Activity >>
What is needed is an exact copy of the entries below, with every picture left out.

Data for review >>
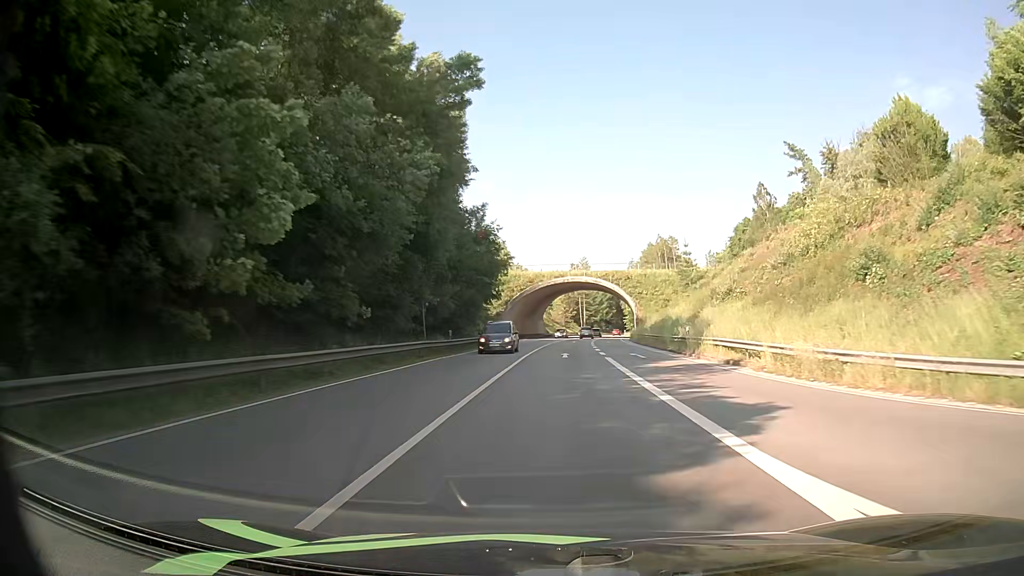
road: primary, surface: asphalt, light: Day
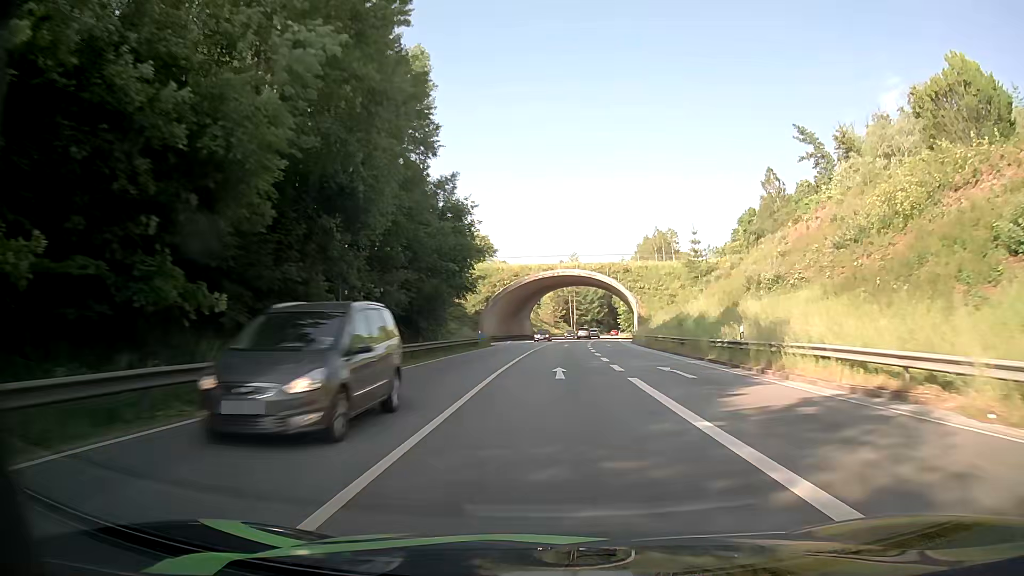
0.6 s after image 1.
(+0.1, +12.3) m; +1°
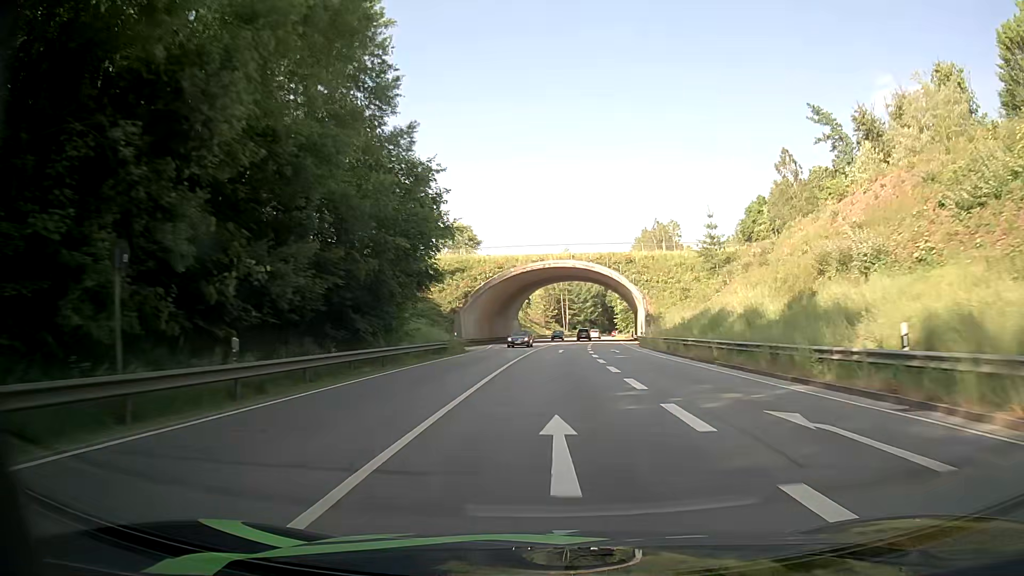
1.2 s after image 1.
(+0.1, +12.3) m; +1°
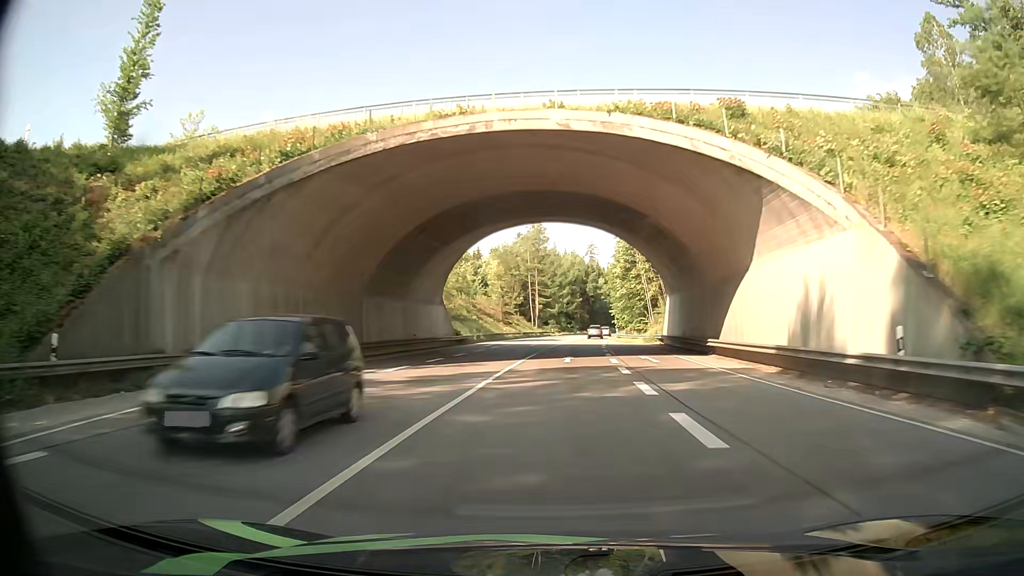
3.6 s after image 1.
(+1.1, +49.6) m; +3°
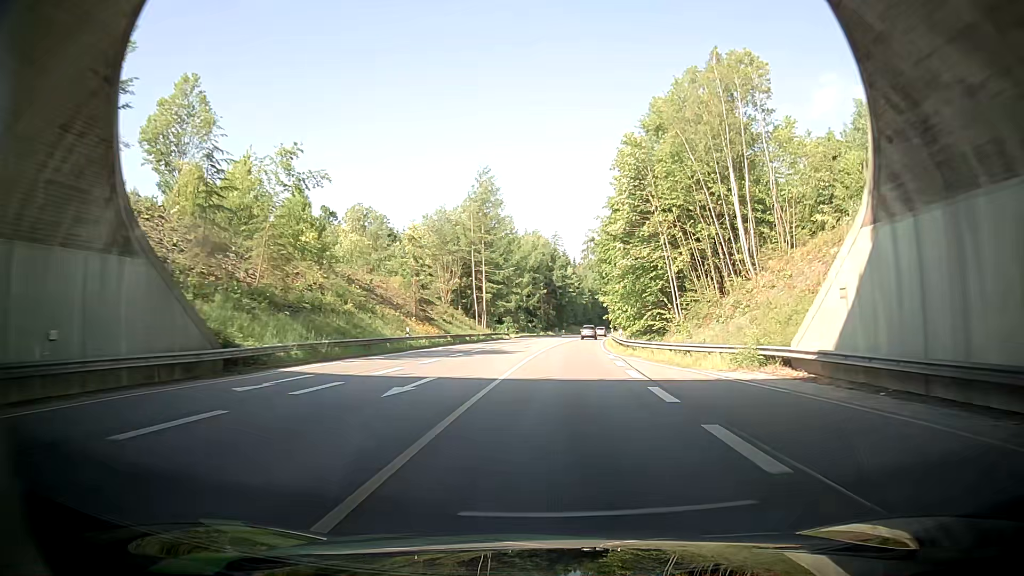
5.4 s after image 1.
(+0.9, +37.5) m; +1°
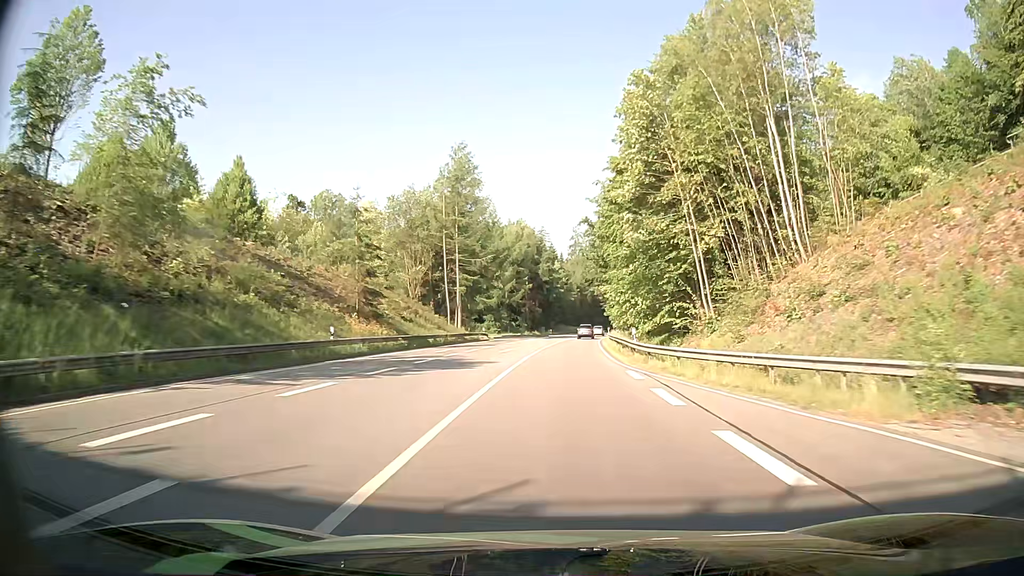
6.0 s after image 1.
(-0.2, +12.6) m; +1°
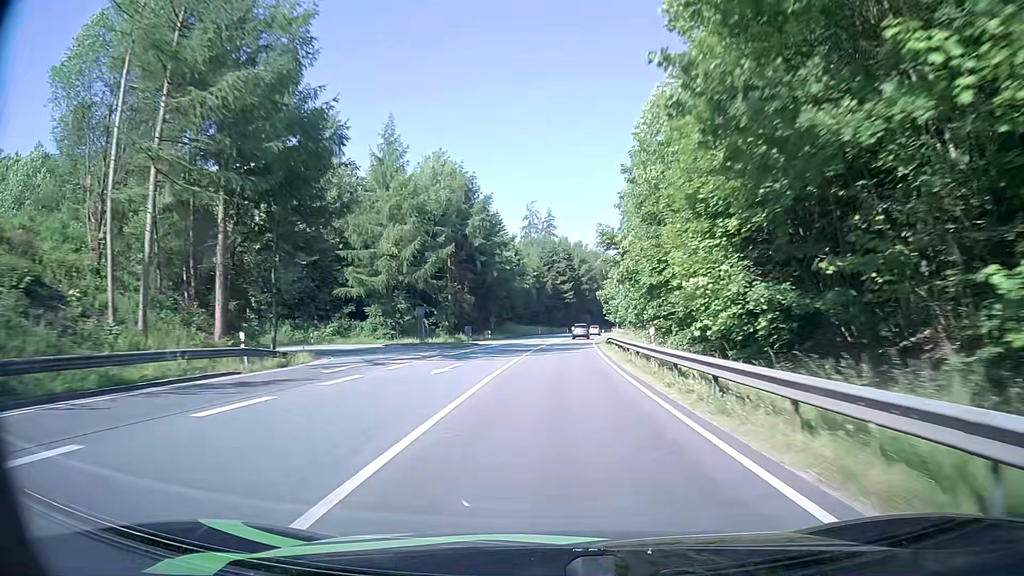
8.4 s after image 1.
(+3.4, +50.7) m; +6°
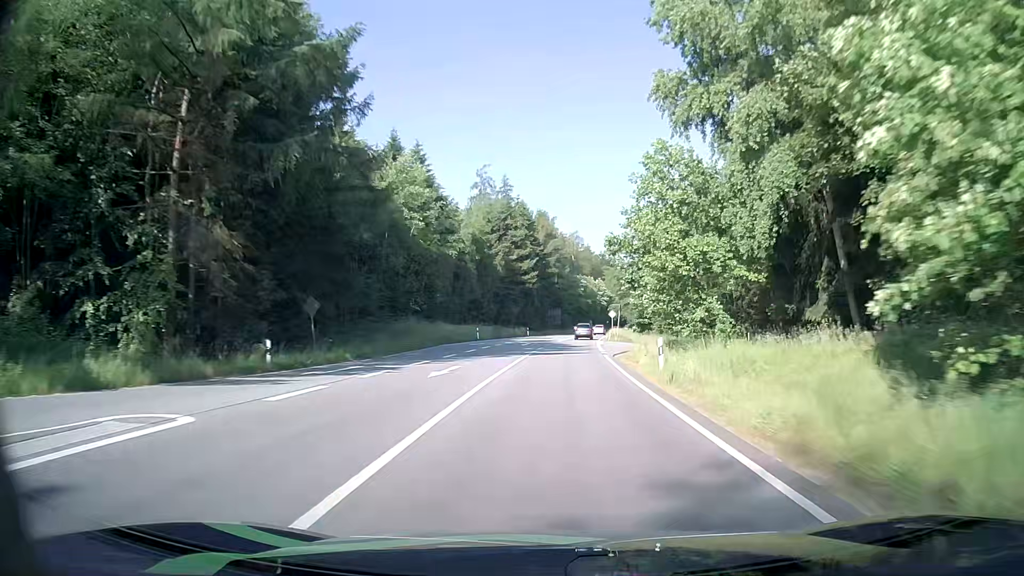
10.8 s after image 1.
(+1.5, +51.6) m; +3°
(0, +10) (0, +20) (+1, +30) (+1, +40) (+2, +50) (+2, +60) (+3, +70) (+4, +80) (+5, +90) (+6, +100) m

Solution to the problem >>
road: primary, surface: asphalt, light: Day
0.6 s after image 1.
(+0.1, +12.3) m; +1°
1.2 s after image 1.
(+0.1, +12.3) m; +1°
3.6 s after image 1.
(+1.1, +49.6) m; +3°
5.4 s after image 1.
(+0.9, +37.5) m; +1°
6.0 s after image 1.
(-0.2, +12.6) m; +1°
8.4 s after image 1.
(+3.4, +50.7) m; +6°
10.8 s after image 1.
(+1.5, +51.6) m; +3°
(0, +10) (0, +20) (+1, +30) (+1, +40) (+2, +50) (+2, +60) (+3, +70) (+4, +80) (+5, +90) (+6, +100) m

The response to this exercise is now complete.